Becky, thank you for being with me in these spaces. Thankfully Mom is home after a brief hospital stay and seems to be returning to herself. She has broken out her new puzzle and is hard at work on it, which is a good sign! I’m so very grateful that she and Dad live just down the street so that we have been able to see them during COVID, and yes, so very thankful I was able to be with her in the hospital. I cannot imagine how she would have coped had I not. May the new year hold many grace-filled moments for you…much love!
Of the myriad of writings read this year, this is my first to have a written response. I felt deeply His grace this year and have been parceling it out for the benefit of others. I’ve realized I do this because I feel this is how God gives grace to me. As I learn more about His grace-giving, I want to be a better recipient. I want to focus on receiving and let Him be the perfect giver.
Sharon, I feel very honored by your response. Thank you. I love how you have been keenly aware of grace this year and generously giving grace to others this year. How truly special at anytime, but it seems especially exceptionally special during this year when there has been a desperate need for grace-giving. May you continue to be aware of God’s grace in the new year and receive it with open hands and an open heart. Happy new year!

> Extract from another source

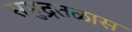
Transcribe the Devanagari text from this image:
समुद्रतळास
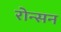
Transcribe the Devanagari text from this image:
रोन्सन
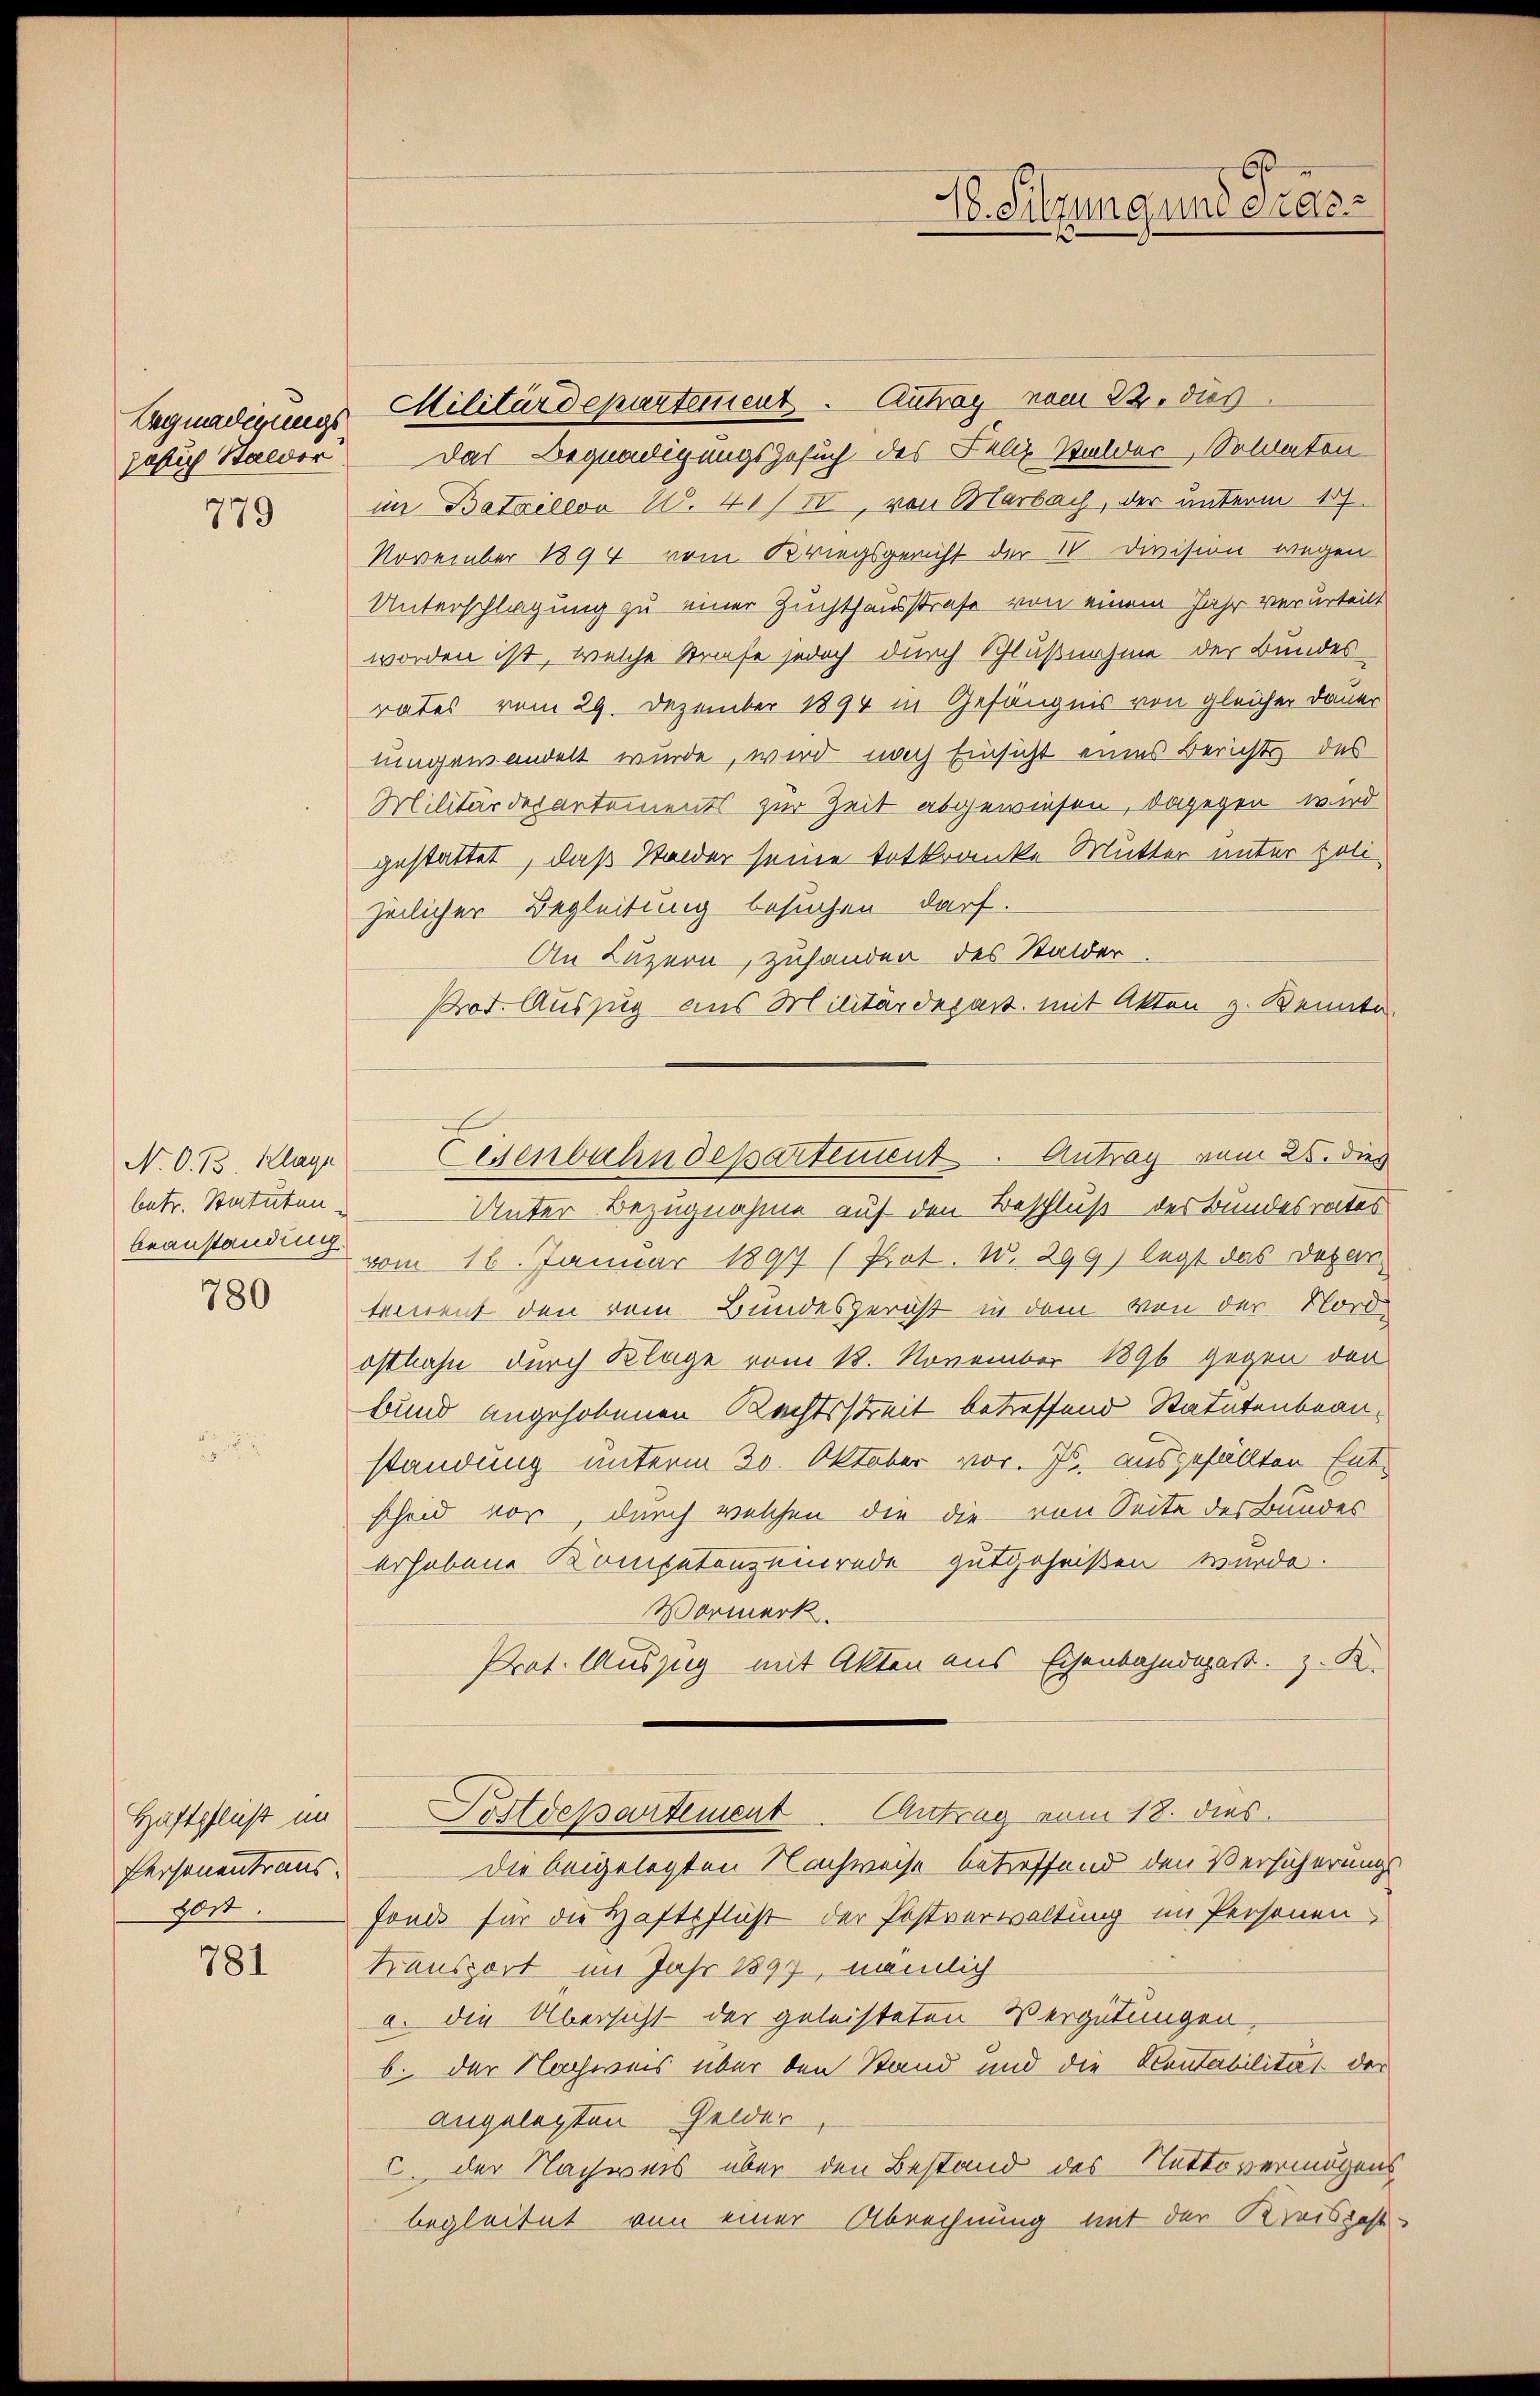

Susan…I hope your mom is doing OK.
Your words are so beautiful and brought a deep feeling of peace to me. Reading this helped me to pause and breathe. Thank you.
Jen, thank you…Mom is home and recovery well from her hospitalization. I’m grateful. I’m also grateful my words brought you an experience of peace. Pause and breathe…these are good words, and I’m practicing them right now, as I give thanks for you and your kind reply. Happy new year!